## RECORDS
↓

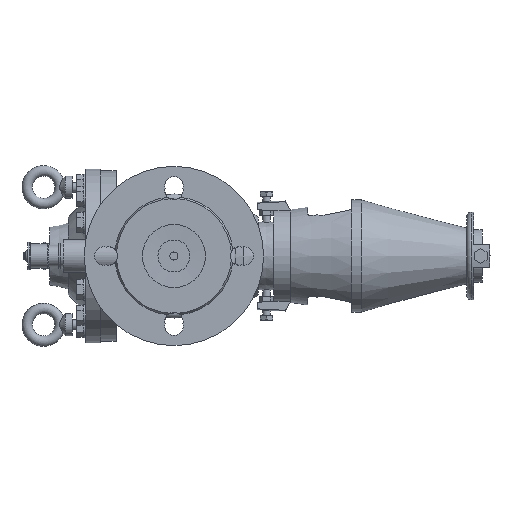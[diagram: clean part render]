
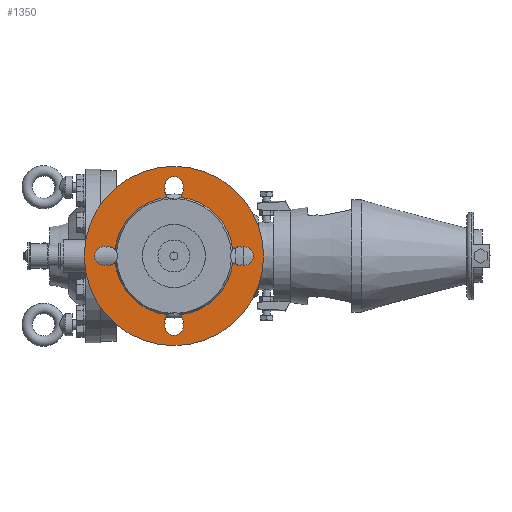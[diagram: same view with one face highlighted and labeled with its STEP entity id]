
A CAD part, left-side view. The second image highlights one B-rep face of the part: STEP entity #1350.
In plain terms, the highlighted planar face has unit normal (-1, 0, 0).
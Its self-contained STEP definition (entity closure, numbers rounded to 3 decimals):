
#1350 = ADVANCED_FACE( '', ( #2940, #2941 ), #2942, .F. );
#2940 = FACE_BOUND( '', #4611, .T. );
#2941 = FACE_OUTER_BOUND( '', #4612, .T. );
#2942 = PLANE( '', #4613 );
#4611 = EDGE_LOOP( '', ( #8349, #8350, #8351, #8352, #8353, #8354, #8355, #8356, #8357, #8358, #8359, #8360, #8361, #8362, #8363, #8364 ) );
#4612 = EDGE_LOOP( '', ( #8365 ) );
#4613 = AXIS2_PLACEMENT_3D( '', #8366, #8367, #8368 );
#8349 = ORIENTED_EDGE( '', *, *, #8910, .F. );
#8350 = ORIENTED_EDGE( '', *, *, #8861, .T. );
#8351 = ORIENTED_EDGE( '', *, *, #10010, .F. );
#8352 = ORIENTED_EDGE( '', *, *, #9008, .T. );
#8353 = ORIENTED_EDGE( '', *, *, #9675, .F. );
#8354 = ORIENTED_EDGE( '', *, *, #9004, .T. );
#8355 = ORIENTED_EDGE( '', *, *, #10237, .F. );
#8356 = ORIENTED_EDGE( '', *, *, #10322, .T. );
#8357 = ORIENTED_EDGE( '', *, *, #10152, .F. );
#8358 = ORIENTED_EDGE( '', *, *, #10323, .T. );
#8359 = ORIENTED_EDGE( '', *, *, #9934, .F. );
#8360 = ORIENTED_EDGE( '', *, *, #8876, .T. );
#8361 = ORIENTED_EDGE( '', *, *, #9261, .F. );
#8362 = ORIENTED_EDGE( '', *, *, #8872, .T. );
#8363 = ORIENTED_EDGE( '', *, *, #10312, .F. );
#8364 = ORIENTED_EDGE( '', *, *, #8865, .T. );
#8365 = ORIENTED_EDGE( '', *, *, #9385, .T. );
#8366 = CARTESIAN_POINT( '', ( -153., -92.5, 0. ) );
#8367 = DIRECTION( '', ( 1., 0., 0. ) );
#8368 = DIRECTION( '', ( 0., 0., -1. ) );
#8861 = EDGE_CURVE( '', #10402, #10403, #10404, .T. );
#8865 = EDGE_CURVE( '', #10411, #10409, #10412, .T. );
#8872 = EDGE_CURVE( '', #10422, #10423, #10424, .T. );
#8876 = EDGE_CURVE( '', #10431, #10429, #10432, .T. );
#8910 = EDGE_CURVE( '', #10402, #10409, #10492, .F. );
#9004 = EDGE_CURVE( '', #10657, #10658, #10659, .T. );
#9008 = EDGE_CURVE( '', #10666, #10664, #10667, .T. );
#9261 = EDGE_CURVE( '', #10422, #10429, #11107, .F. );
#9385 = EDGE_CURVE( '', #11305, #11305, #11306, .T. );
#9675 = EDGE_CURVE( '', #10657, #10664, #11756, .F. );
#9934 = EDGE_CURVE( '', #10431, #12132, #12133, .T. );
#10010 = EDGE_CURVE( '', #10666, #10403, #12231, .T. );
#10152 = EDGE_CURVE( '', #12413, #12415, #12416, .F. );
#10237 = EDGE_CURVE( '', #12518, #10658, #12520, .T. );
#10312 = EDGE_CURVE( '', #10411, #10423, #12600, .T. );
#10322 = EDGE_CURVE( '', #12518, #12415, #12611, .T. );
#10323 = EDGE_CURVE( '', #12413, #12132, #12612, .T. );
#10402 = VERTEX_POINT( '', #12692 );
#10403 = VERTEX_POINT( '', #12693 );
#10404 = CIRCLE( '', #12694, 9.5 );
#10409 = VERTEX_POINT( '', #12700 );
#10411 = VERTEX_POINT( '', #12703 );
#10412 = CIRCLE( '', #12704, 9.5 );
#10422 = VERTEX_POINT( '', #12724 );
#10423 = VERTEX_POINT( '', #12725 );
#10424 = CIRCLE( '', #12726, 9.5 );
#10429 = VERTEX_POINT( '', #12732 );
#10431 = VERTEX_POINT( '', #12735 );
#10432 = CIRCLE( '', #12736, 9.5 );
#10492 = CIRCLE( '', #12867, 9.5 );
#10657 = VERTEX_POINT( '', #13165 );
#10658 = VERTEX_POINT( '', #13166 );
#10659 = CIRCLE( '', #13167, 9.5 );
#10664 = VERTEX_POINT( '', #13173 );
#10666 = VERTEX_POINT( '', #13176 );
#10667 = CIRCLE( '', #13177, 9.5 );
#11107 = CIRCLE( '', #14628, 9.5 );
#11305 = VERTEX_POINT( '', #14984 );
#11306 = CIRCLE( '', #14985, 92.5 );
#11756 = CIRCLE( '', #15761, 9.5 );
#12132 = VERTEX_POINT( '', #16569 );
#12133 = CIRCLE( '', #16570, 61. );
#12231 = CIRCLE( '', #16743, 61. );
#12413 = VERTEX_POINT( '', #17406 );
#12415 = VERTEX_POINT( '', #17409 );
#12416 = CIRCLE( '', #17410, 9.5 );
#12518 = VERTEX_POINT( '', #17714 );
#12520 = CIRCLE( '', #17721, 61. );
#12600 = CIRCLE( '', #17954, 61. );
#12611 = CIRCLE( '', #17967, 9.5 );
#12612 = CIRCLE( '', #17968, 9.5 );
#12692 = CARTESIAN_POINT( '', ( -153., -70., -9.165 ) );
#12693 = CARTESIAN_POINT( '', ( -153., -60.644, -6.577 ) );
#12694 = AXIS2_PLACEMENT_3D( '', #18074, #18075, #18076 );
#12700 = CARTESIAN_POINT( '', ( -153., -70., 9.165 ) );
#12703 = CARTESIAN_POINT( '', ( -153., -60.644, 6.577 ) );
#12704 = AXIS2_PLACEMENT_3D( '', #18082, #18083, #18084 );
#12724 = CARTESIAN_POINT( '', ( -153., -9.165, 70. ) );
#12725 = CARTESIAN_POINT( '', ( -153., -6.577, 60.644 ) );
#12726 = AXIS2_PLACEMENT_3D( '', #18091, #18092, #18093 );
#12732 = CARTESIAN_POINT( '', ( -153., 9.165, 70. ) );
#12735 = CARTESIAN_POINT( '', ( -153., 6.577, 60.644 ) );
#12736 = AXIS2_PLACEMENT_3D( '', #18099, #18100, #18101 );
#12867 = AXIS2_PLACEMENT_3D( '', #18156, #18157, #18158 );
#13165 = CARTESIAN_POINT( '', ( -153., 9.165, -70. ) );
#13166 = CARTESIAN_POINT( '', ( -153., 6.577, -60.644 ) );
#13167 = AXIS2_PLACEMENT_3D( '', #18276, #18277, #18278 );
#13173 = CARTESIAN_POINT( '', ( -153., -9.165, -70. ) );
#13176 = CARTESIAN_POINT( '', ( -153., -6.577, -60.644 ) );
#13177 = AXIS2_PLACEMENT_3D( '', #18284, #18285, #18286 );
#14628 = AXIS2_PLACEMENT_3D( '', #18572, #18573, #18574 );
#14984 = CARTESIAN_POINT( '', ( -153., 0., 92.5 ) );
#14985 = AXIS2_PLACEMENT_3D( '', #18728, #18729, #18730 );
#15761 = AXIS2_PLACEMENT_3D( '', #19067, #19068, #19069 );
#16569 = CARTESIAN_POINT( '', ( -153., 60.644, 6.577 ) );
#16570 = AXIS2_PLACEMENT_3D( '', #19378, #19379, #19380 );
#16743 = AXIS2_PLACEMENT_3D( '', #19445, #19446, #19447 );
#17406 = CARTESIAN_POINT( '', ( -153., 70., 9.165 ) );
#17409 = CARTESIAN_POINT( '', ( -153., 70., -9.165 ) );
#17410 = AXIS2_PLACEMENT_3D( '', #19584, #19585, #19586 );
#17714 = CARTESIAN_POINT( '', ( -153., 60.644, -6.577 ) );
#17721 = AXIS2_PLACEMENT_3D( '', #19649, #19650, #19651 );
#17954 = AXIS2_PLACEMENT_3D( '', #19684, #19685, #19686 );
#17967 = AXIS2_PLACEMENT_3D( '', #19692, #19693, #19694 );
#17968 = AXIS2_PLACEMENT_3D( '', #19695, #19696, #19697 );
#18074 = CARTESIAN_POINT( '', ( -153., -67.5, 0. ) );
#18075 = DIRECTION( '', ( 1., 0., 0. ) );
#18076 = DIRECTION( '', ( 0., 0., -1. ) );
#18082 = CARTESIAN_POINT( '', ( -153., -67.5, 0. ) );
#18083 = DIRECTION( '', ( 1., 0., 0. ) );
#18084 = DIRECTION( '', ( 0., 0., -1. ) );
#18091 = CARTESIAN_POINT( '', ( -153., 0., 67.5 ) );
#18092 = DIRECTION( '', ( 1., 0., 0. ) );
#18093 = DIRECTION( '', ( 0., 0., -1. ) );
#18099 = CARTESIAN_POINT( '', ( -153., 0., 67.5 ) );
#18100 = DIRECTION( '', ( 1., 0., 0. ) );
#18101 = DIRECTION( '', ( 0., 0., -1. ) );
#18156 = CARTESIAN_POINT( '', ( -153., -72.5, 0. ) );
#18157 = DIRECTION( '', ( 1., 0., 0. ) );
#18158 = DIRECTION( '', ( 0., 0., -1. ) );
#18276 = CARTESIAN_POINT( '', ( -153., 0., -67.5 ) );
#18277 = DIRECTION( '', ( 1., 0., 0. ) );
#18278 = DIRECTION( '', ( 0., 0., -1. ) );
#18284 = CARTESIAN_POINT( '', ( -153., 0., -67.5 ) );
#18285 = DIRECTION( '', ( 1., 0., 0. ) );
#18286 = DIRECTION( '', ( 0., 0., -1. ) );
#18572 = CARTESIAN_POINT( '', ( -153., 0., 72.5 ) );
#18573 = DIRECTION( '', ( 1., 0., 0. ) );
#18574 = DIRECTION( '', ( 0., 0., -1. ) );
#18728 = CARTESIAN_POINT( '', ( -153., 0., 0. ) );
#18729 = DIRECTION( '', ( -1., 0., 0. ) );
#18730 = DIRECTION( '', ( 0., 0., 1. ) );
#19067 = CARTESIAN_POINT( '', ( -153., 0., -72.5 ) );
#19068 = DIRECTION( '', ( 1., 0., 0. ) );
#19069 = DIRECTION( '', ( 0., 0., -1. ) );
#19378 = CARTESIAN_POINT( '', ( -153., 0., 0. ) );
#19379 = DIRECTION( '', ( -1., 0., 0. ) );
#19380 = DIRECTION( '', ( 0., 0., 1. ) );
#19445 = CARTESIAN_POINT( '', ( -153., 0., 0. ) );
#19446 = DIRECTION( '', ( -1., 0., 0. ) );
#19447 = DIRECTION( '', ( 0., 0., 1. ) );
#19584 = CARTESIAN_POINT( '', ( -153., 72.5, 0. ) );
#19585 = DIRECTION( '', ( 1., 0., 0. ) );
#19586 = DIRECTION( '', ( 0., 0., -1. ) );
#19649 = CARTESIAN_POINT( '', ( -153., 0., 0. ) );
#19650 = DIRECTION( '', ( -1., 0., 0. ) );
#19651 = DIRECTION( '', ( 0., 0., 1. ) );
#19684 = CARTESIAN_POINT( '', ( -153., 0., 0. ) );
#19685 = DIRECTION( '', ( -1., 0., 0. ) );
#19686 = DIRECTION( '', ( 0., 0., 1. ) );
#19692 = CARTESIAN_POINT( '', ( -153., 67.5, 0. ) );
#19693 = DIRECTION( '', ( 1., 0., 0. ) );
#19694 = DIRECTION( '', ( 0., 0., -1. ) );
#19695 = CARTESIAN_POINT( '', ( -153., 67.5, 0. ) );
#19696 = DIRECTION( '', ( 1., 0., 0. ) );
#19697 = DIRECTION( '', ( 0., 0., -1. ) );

↑

## TRY IT
Reproduce verbatim the lines above, from the line with "#2940 = FACE_BOUND( '', #4611, .T. );" through the line with "#8359 = ORIENTED_EDGE( '', *, *, #9934, .F.".

## WORKED SOLUTION
#2940 = FACE_BOUND( '', #4611, .T. );
#2941 = FACE_OUTER_BOUND( '', #4612, .T. );
#2942 = PLANE( '', #4613 );
#4611 = EDGE_LOOP( '', ( #8349, #8350, #8351, #8352, #8353, #8354, #8355, #8356, #8357, #8358, #8359, #8360, #8361, #8362, #8363, #8364 ) );
#4612 = EDGE_LOOP( '', ( #8365 ) );
#4613 = AXIS2_PLACEMENT_3D( '', #8366, #8367, #8368 );
#8349 = ORIENTED_EDGE( '', *, *, #8910, .F. );
#8350 = ORIENTED_EDGE( '', *, *, #8861, .T. );
#8351 = ORIENTED_EDGE( '', *, *, #10010, .F. );
#8352 = ORIENTED_EDGE( '', *, *, #9008, .T. );
#8353 = ORIENTED_EDGE( '', *, *, #9675, .F. );
#8354 = ORIENTED_EDGE( '', *, *, #9004, .T. );
#8355 = ORIENTED_EDGE( '', *, *, #10237, .F. );
#8356 = ORIENTED_EDGE( '', *, *, #10322, .T. );
#8357 = ORIENTED_EDGE( '', *, *, #10152, .F. );
#8358 = ORIENTED_EDGE( '', *, *, #10323, .T. );
#8359 = ORIENTED_EDGE( '', *, *, #9934, .F. );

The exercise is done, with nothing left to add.